Records to use:
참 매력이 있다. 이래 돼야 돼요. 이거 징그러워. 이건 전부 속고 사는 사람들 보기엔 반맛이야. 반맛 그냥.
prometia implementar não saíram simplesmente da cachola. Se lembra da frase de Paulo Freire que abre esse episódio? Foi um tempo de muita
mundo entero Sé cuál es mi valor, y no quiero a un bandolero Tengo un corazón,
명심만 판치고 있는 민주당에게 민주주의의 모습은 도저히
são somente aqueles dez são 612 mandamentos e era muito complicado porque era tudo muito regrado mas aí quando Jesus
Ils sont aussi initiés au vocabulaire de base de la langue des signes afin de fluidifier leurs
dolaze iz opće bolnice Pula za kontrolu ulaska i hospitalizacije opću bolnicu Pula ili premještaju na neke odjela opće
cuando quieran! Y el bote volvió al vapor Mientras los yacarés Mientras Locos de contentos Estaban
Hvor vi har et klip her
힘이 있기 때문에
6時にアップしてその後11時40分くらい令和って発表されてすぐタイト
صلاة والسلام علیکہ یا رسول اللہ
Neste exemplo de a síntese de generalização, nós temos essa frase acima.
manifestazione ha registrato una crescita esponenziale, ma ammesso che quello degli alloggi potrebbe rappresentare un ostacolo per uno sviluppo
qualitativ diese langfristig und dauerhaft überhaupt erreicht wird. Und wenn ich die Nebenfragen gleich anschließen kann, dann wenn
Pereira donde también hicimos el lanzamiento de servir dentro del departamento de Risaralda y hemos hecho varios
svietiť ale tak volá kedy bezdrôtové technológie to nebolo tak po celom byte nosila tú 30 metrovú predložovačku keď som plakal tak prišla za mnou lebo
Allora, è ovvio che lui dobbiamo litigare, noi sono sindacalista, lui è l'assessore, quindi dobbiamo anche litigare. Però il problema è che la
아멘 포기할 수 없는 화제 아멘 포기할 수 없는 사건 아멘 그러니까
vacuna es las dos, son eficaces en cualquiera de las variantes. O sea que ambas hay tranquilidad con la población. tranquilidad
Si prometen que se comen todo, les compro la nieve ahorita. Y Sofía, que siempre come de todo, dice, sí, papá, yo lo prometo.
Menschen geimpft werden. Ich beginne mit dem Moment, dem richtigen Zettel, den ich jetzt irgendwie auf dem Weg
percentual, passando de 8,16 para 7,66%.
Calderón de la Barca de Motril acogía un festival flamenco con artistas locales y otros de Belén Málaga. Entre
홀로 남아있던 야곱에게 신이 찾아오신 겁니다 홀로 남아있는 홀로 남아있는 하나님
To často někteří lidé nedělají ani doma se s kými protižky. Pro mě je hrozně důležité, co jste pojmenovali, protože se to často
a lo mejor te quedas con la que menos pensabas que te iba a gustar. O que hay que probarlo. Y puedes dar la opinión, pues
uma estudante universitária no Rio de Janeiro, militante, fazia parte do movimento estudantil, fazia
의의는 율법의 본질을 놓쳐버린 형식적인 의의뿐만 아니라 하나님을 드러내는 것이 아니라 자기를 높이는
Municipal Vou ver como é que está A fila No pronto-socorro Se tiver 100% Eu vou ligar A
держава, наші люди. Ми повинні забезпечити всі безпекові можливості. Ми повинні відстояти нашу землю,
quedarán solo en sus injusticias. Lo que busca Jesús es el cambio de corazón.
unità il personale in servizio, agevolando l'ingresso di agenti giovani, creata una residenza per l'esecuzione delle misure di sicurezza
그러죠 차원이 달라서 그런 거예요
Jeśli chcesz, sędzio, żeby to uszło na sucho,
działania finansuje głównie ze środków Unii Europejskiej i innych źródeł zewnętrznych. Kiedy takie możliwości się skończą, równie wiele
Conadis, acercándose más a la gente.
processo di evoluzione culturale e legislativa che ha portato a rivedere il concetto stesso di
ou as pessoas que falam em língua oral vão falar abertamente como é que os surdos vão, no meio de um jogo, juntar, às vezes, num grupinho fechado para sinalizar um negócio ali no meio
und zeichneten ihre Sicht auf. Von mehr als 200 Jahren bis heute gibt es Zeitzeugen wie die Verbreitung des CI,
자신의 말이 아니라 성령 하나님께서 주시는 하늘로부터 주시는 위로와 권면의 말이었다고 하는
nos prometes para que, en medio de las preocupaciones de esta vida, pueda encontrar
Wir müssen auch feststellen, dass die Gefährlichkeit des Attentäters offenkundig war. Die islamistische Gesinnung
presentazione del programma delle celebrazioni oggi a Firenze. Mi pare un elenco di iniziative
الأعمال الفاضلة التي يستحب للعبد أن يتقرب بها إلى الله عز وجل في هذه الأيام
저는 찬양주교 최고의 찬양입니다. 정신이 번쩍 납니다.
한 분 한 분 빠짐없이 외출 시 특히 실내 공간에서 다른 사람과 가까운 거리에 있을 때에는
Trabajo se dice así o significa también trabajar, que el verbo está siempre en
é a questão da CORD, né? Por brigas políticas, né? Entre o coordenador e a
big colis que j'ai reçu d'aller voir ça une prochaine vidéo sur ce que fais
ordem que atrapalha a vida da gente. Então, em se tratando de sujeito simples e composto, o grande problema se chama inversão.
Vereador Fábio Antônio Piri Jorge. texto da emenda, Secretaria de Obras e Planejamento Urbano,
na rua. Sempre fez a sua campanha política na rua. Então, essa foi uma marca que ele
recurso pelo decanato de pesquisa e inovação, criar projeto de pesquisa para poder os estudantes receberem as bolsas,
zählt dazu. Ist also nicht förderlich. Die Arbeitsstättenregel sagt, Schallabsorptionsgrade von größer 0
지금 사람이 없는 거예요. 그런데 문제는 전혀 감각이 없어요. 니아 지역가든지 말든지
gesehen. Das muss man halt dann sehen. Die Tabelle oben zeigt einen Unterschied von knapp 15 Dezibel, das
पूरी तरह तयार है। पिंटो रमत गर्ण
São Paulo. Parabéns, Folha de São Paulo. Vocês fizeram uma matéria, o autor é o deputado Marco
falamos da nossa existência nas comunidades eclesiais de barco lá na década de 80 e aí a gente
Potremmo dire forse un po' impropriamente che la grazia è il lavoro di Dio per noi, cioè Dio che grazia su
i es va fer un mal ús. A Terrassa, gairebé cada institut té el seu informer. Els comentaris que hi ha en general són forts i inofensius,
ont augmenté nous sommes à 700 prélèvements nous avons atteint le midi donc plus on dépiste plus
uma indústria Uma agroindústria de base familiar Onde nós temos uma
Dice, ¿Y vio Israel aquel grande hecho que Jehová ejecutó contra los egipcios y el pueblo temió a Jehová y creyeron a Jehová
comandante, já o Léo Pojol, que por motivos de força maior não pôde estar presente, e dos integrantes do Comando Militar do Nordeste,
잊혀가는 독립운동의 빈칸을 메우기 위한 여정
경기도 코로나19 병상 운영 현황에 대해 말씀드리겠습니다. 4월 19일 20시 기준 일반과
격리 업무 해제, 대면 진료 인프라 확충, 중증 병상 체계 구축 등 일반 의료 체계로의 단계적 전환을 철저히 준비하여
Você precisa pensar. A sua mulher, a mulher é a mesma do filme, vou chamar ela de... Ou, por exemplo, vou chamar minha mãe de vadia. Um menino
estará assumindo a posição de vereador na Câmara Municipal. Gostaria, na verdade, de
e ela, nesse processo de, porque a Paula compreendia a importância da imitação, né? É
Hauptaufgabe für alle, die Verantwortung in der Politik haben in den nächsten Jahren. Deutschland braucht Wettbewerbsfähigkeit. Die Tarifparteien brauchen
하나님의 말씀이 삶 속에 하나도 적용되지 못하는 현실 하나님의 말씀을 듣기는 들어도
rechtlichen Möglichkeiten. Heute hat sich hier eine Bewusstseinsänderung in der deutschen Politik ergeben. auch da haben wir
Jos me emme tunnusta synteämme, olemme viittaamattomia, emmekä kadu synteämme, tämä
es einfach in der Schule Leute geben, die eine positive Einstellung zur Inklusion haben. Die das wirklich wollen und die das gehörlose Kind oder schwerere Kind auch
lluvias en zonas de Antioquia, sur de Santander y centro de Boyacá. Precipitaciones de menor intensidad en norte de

Your task: Return word for word the lines above from the line with "Hvor vi har et klip her" to the line with "Menschen geimpft werden.", including both and leaving out all others.

Task answer:
Hvor vi har et klip her
힘이 있기 때문에
6時にアップしてその後11時40分くらい令和って発表されてすぐタイト
صلاة والسلام علیکہ یا رسول اللہ
Neste exemplo de a síntese de generalização, nós temos essa frase acima.
manifestazione ha registrato una crescita esponenziale, ma ammesso che quello degli alloggi potrebbe rappresentare un ostacolo per uno sviluppo
qualitativ diese langfristig und dauerhaft überhaupt erreicht wird. Und wenn ich die Nebenfragen gleich anschließen kann, dann wenn
Pereira donde también hicimos el lanzamiento de servir dentro del departamento de Risaralda y hemos hecho varios
svietiť ale tak volá kedy bezdrôtové technológie to nebolo tak po celom byte nosila tú 30 metrovú predložovačku keď som plakal tak prišla za mnou lebo
Allora, è ovvio che lui dobbiamo litigare, noi sono sindacalista, lui è l'assessore, quindi dobbiamo anche litigare. Però il problema è che la
아멘 포기할 수 없는 화제 아멘 포기할 수 없는 사건 아멘 그러니까
vacuna es las dos, son eficaces en cualquiera de las variantes. O sea que ambas hay tranquilidad con la población. tranquilidad
Si prometen que se comen todo, les compro la nieve ahorita. Y Sofía, que siempre come de todo, dice, sí, papá, yo lo prometo.
Menschen geimpft werden. Ich beginne mit dem Moment, dem richtigen Zettel, den ich jetzt irgendwie auf dem Weg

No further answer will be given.